Belleza hecha a mano

En este esfuerzo único de la artesanía hecha a mano de Greubel Forsey, cada componente cuenta una historia. Tiene un proceso de desarrollo y un recorrido propio que lo hace único, pasando largas horas de corte de la materia prima guiados solo por el ojo y la mano humana. La perfección técnica y estética de este reloj Hand Made 1 es inmediatamente visible y, al más puro estilo Greubel Forsey, atribuye la misma importancia a la belleza invisible de todas las piezas ocultas dentro de la caja.

El viaje comienza con el órgano regulador, producido íntegramente a mano en los talleres de Greubel Forsey, incluido el resorte de equilibrio, fabricado a partir de una aleación en el Atelier. Luego, el resorte de equilibrio se enrolla en un laminador operado manualmente (sin asistencia de computadora), un proceso que ciertamente es un know-how en peligro de extinción: solo se pueden fabricar unos pocos resortes de equilibrio a la vez, mientras que en la producción industrial contemporánea, cientos o miles son producido automáticamente de una vez. El volante también está completamente hecho a mano con un extraordinario estándar de precisión y acabado. La rueda de escape, con sus 20 dientes cortados individualmente, cada uno con cuatro superficies que luego se rectifican, es un verdadero tour de force. Mientras tanto, el mecanizado y los acabados de la palanca de escape solo requieren un mes y medio de trabajo.

La fabricación a mano del carro del tourbillon, con sus 69 componentes que pesan un total de 0.521 g, representó otro desafío considerable, ya que no es posible replicar la misma geometría de una máquina CNC en un taladro de plantilla tradicional. En consecuencia, se requiere un mayor número de piezas para formar este exquisito mecanismo casi aerotransportado.
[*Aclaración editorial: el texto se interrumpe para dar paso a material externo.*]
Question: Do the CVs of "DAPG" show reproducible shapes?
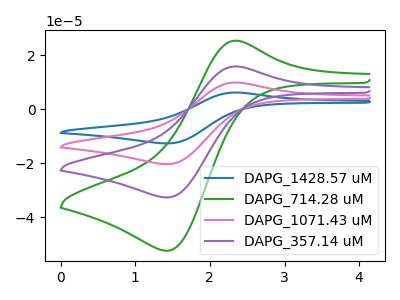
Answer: <think>The blue curve "DAPG_1428.57 uM" has an anodic peak at (2.35V, 47.35uA) and a cathodic peak at (1.45V, -98.00uA). The green curve "DAPG_714.28 uM" has an anodic peak at (2.35V, 25.30uA) and a cathodic peak at (1.45V, -52.40uA). The pink curve "DAPG_1071.43 uM" has an anodic peak at (2.35V, 31.55uA) and a cathodic peak at (1.45V, -65.35uA). The purple curve "DAPG_357.14 uM" has an anodic peak at (2.35V, 15.80uA) and a cathodic peak at (1.45V, -32.65uA).
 All the peaks in "DAPG_1428.57 uM" have a peak in "DAPG_714.28 uM" at the same potential. Every peak in "DAPG_1428.57 uM" is higher than every peak in "DAPG_714.28 uM". All the peaks in "DAPG_1428.57 uM" have a peak in "DAPG_1071.43 uM" at the same potential. Every peak in "DAPG_1428.57 uM" is higher than every peak in "DAPG_1071.43 uM". All the peaks in "DAPG_1428.57 uM" have a peak in "DAPG_357.14 uM" at the same potential. Every peak in "DAPG_1428.57 uM" is higher than every peak in "DAPG_357.14 uM". All the peaks in "DAPG_714.28 uM" have a peak in "DAPG_1071.43 uM" at the same potential. Every peak in "DAPG_714.28 uM" is lower than every peak in "DAPG_1071.43 uM". All the peaks in "DAPG_714.28 uM" have a peak in "DAPG_357.14 uM" at the same potential. Every peak in "DAPG_714.28 uM" is higher than every peak in "DAPG_357.14 uM". All the peaks in "DAPG_1071.43 uM" have a peak in "DAPG_357.14 uM" at the same potential. Every peak in "DAPG_1071.43 uM" is higher than every peak in "DAPG_357.14 uM".</think>
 <answer>All the CV's of "DAPG" have similar shape.</answer>
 <eval>follow_rule</eval>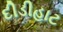
દીડીહાટ

Por supuesto, todos los componentes del movimiento se terminan a mano fiel a la más fina tradición relojera, incluidos los puentes con sus flancos verticales interiores y exteriores pulidos, la placa principal única “Gratté” y las ruedas con biseles superiores e inferiores pulidos a mano (40 ángulos para una rueda de cinco radios).

La esfera abierta se destaca con sus anillos de capítulo esmaltados a mano, combinados con elegantes manecillas de acero azulado en llamas de forma fina.

Naturalmente, la caja de oro blanco de 18k también está hecha a mano, gracias a un torno mecánico pantógrafo equipado con herramientas de torneado, antes de ser pacientemente satinado en los lados y pulido en las superficies superiores.

Creado como dos o tres relojes por año, el Greubel Forsey Hand Made 1 está destinado a convertirse en un nuevo hito de la relojería que une el pasado y el futuro. Este nuevo paso hacia la cumbre en la mejor artesanía se sustenta en la esfera a las 6 en punto, donde la inscripción HAND MADE reemplaza a la habitual SWISS MADE.

Precio, CHF 750.000 francos suizos.

Vídeo disponible en el Canal YouTube de Nuevos Relojes.